> **EXERCISE DESCRIPTION**
Beginning with the line containing "7.5,-2.1 7.5,-6.1c0,-2.9 0.1,-9" and ending with the last line, repeat the records exactly.

> **DATA SHOWN**
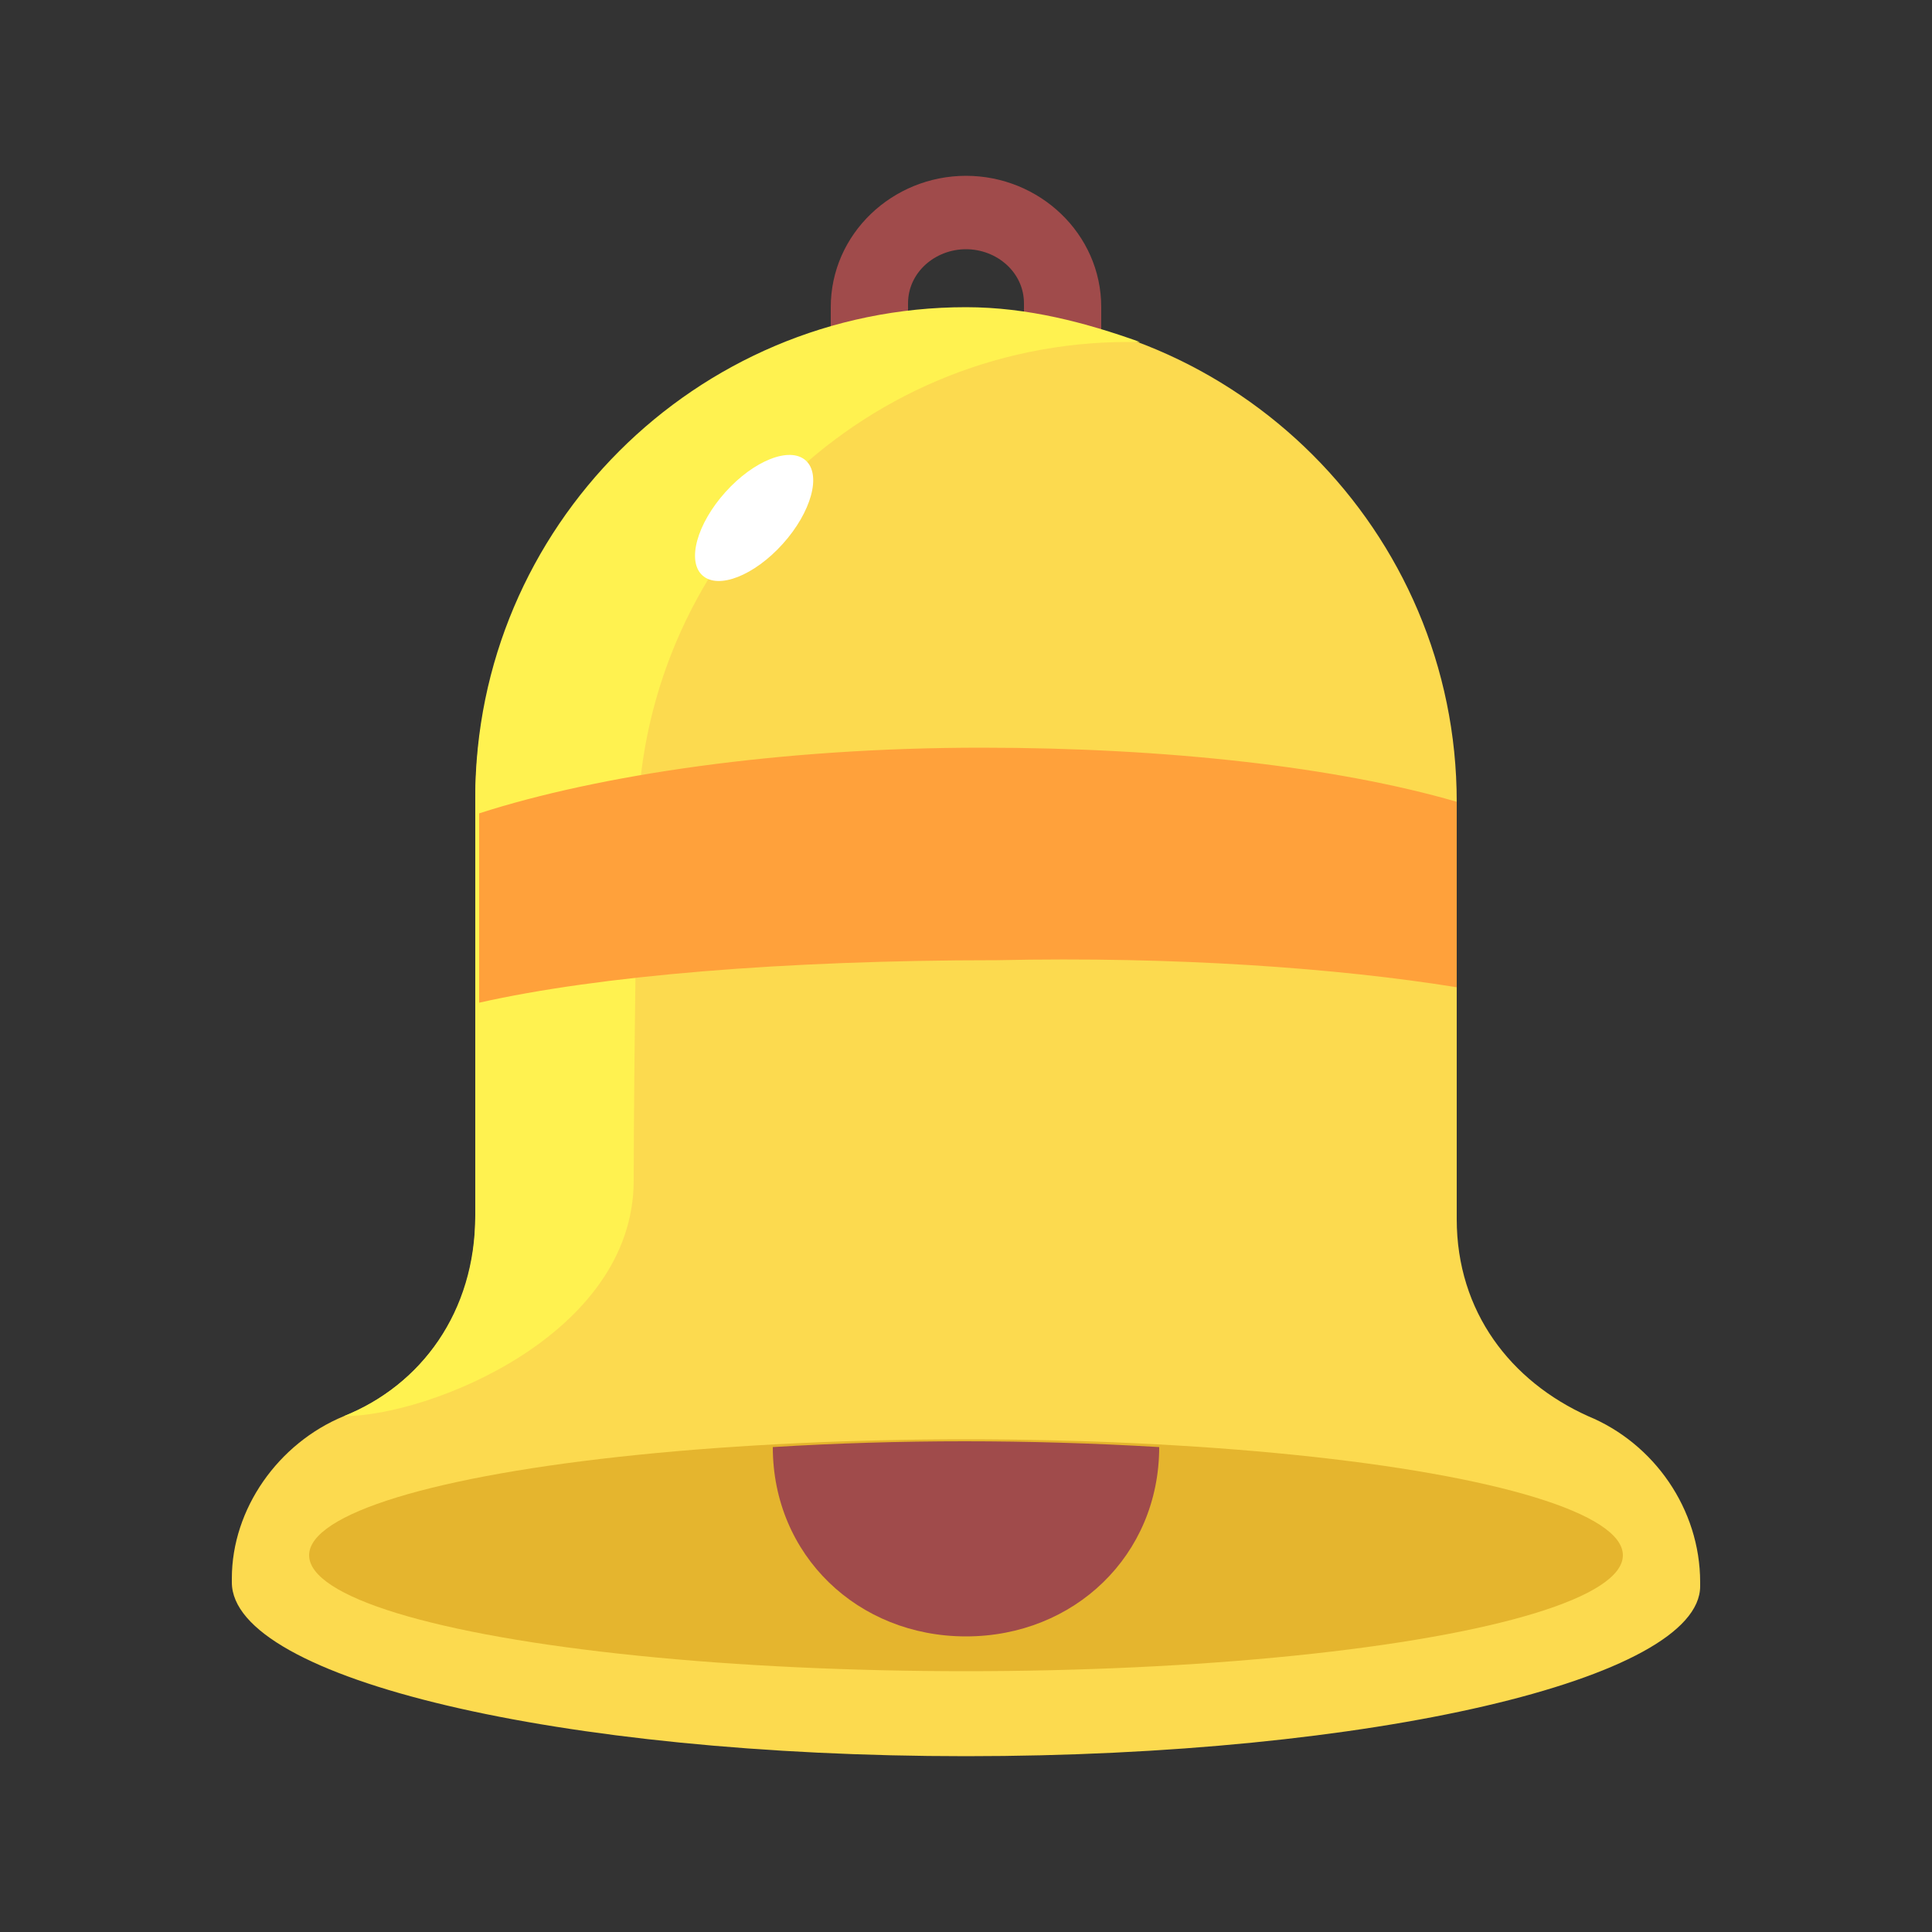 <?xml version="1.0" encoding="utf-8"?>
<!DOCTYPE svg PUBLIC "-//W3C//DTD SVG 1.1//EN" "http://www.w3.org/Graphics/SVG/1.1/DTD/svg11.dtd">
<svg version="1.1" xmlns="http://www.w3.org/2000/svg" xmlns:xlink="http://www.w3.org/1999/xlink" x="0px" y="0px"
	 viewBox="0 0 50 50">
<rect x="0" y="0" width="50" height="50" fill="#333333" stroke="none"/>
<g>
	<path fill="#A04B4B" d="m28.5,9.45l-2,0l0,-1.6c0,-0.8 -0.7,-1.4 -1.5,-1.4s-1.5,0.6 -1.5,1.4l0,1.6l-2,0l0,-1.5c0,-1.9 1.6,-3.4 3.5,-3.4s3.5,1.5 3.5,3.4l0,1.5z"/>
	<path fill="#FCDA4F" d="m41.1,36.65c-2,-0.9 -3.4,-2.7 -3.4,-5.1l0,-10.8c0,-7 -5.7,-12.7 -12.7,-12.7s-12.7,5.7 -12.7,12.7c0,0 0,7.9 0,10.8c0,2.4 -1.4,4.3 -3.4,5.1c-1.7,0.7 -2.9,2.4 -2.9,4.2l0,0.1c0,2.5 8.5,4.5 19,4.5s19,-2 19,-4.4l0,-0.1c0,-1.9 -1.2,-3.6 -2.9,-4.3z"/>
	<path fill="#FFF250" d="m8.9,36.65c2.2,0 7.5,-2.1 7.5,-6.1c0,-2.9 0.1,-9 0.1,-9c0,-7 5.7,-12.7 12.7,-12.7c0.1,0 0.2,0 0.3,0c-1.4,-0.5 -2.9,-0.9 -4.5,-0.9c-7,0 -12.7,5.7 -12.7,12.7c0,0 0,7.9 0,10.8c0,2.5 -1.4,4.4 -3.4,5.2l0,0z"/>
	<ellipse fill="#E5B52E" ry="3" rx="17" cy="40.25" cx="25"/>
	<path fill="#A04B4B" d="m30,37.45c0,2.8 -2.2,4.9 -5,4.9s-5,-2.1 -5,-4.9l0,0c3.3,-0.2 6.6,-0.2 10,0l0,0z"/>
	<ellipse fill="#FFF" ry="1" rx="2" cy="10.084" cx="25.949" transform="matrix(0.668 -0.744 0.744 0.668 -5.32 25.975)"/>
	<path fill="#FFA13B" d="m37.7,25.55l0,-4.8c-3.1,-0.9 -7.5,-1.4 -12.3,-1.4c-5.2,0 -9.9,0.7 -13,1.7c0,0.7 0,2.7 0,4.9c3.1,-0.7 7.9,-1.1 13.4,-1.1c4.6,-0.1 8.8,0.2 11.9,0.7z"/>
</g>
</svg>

> **THE ANSWER**
	<path fill="#FFF250" d="m8.9,36.65c2.2,0 7.5,-2.1 7.5,-6.1c0,-2.9 0.1,-9 0.1,-9c0,-7 5.7,-12.7 12.7,-12.7c0.1,0 0.2,0 0.3,0c-1.4,-0.5 -2.9,-0.9 -4.5,-0.9c-7,0 -12.7,5.7 -12.7,12.7c0,0 0,7.9 0,10.8c0,2.5 -1.4,4.4 -3.4,5.2l0,0z"/>
	<ellipse fill="#E5B52E" ry="3" rx="17" cy="40.25" cx="25"/>
	<path fill="#A04B4B" d="m30,37.45c0,2.8 -2.2,4.9 -5,4.9s-5,-2.1 -5,-4.9l0,0c3.3,-0.2 6.6,-0.2 10,0l0,0z"/>
	<ellipse fill="#FFF" ry="1" rx="2" cy="10.084" cx="25.949" transform="matrix(0.668 -0.744 0.744 0.668 -5.32 25.975)"/>
	<path fill="#FFA13B" d="m37.7,25.55l0,-4.8c-3.1,-0.9 -7.5,-1.4 -12.3,-1.4c-5.2,0 -9.9,0.7 -13,1.7c0,0.7 0,2.7 0,4.9c3.1,-0.7 7.9,-1.1 13.4,-1.1c4.6,-0.1 8.8,0.2 11.9,0.7z"/>
</g>
</svg>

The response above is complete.